It has been almost a year since I have read it, but Thurman Arnold's "The Folklore of Capitalism" (1937) gives a great analysis of capitalists' opposition to government-created full employment. Because his theory is less economically centered than social/psychological, he concentrates on the dangerous precedent of government interference in business rather than its actual economic consequences. Capitalists' do not fear full employment per se (as Kalecki notes, it would create millions of new consumers for them), but the fact that government would be creating it. This is dangerous in their minds because: (1) it contradicts their (sincere) faith in the benevolence, wisdom, and rightness of the market; and, more importantly, (2) it gives society a glimpse into the great potential of both collective and governmental action--a dangerous precedent indeed.
I guess all of this is Population Control 101. And maybe I'm not adding anything to the discussion. But I recommend the book because it discusses this matter thoroughly and, I think, with great accuracy. I also think it is interesting considering the time it was written: in the middle of the New Deal and the Nazi's rise, and six years before Kalecki.
One more thing: The phrase "ruling class" has been appearing in this thread. I just finished reading C. Wright Mills' "The Power Elite," where he talks about that term. I don't bring this up to invalidate the way the phrase has been used in this thread--the discussion has been about the economic elite after all--but because it is an interesting distinction, at least semantically. Mills wrote the book over forty years ago, and I think since that time the power of the economic elite has increased--to the detriment of the political elite-- at least enough to destroy some of his theories. Nonetheless, the book as a whole illuminates the relationship between the economic and political, and how the two combine and overlap to create the power elite. Anyway, this is what he wrote about the phrase "ruling class:"
"'Ruling class' is a badly loaded phrase. 'Class' is an economic term; 'rule' a political one.
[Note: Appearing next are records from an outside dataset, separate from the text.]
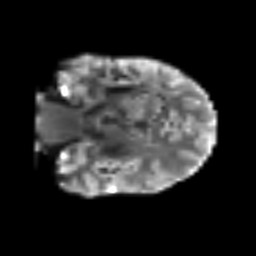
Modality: T2w
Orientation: coronal
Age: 50
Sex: male
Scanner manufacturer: siemens
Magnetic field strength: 3 T
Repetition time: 6.1 s
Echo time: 0.101 s
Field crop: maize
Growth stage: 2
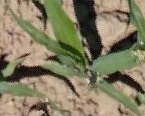
Species: maize
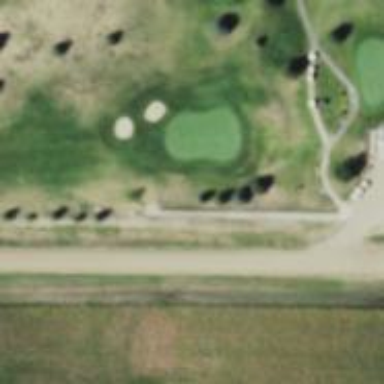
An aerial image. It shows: Path designated for golf carts.
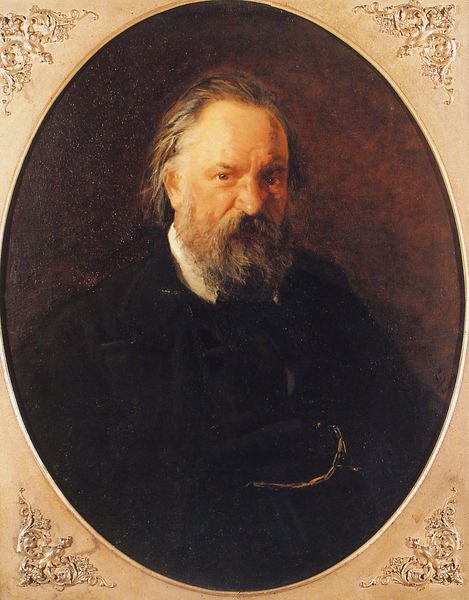
Titel: Porträt von A. I. Herzen
Künstler: Nikolai Nikolajewitsch Ge
Institution: Moskau, Staatliche Tretjakow Galerie
Schlagwörter: mann, weiß, grau, schwarz, blick, anzug, bart, augen, barock, kragen, rahmen, portrait, mantel, adel, oval, kette, tafel, rondell, 18.jahrhundert, 17. jahrhunder, 16. jahrhunder
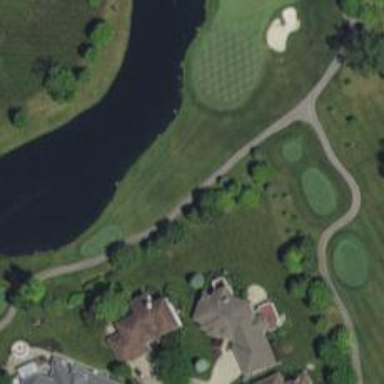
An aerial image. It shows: Path for both roads and golfers.
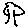
Label: tree
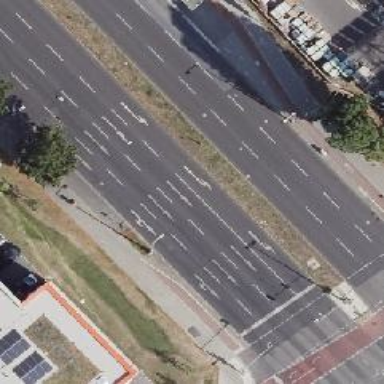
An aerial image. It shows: Primary highway with dual carriageway. The asphalt road includes cycle track on the right side.
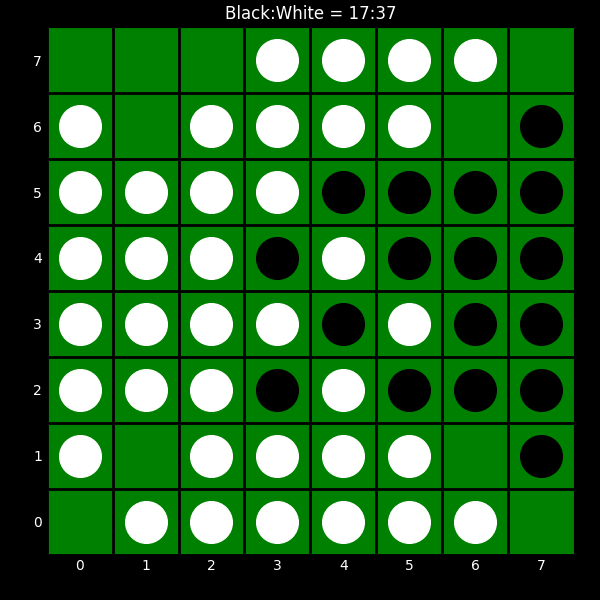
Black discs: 17
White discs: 37
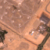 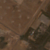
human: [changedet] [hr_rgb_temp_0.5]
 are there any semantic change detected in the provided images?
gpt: The area was urbanized.
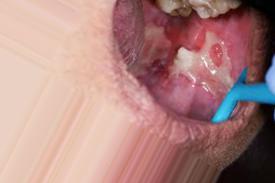
Condition: Mouth Ulcer
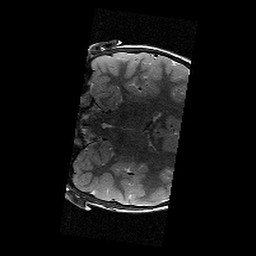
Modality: T2w
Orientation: coronal
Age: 8
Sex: female
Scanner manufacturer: siemens
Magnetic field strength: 3 T
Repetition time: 9.23 s
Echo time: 0.067 s
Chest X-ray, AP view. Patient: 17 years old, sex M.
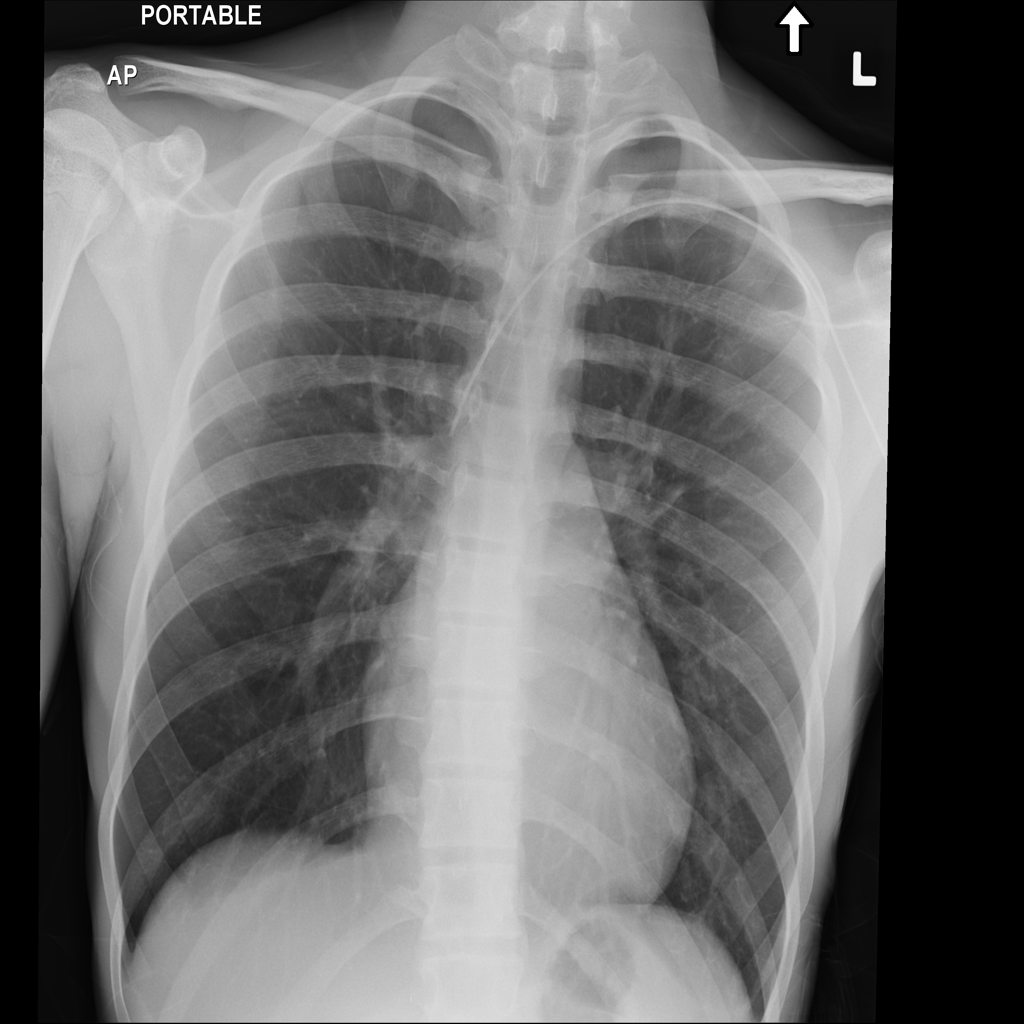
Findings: No Finding
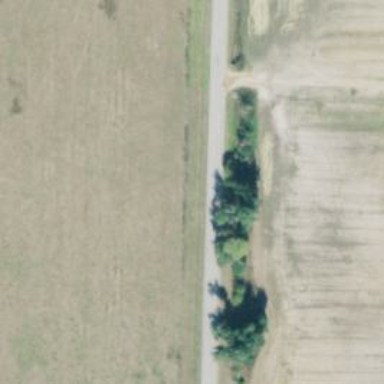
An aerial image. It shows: Tertiary road.
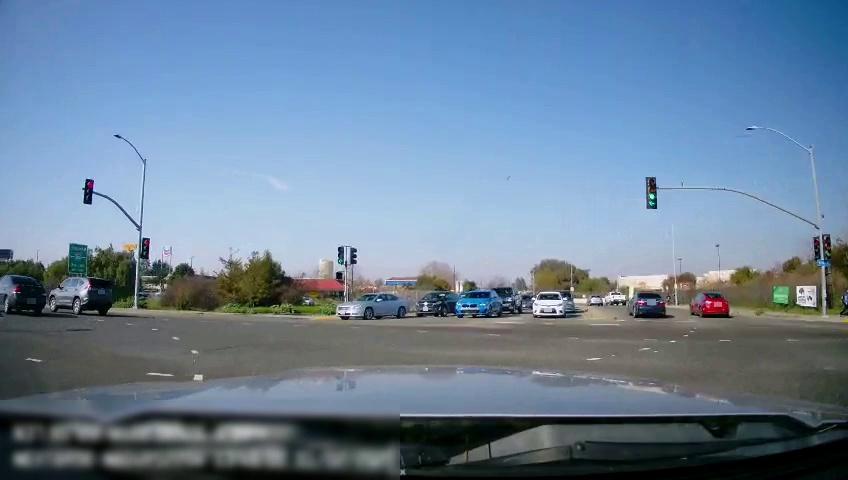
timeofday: Day
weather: Sunny
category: Drivable Space
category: Vehicles | SUV
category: Vehicles | Car
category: Vehicles | Car
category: Vehicles | Truck
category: Vehicles | Car
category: Vehicles | Car
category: Vehicles | Car
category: Vehicles | SUV
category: Vehicles | Truck
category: Pedestrians
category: Vehicles | Car
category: Vehicles | Car
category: Vehicles | SUV
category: Vehicles | Car
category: Lanes | Opposite Lane
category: Lanes | Opposite Lane
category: Lanes | Current Lane
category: Traffic | Lights
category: Traffic | Lights
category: Traffic | Lights
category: Traffic | Lights
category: Traffic | Lights
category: Traffic | Lights
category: Traffic | Lights
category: Traffic | Lights
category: Traffic | Signs
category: Traffic | Signs
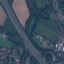
Label: Highway
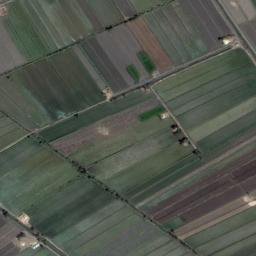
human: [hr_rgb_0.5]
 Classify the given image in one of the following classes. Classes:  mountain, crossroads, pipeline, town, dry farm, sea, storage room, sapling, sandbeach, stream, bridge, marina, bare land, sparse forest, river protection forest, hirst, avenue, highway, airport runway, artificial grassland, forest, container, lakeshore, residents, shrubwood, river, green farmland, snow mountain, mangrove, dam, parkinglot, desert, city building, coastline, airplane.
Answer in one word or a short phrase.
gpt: green farmland
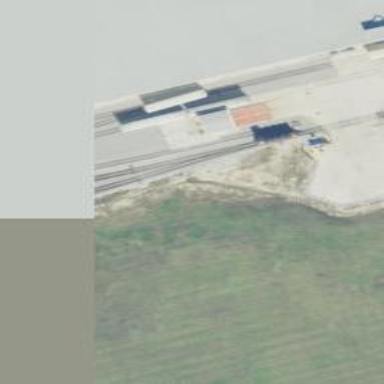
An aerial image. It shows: Railway spur service.
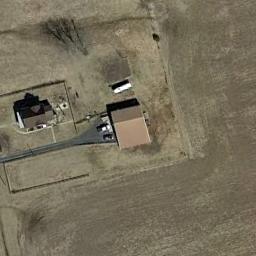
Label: sparse_residential
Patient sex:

The phrase, 'ruling class,' thus contains the theory that an economic class rules politically. That short-cut theory may or may not at times be true....[T]he phrase 'ruling class,' in its common political connotations, does not allow enough autonomy to the political order and its agents, and it says nothing about the military as such....[W]e do not accept as adequate the simple view that high economic men unilaterally make all decisions of national consequence. We hold that such a simple view of 'economic determinism' must be elaborated by 'political determinism' and 'military determinism'; that the higher agents of each of these three domains now often have a noticeable degree of autonomy; and that only in the often intricate ways of coalition do they make up and carry through the important decisions. Those are the major reasons we prefer 'power elite' to 'ruling class' as a characterizing phrase for the higher circles when we consider them in terms of power."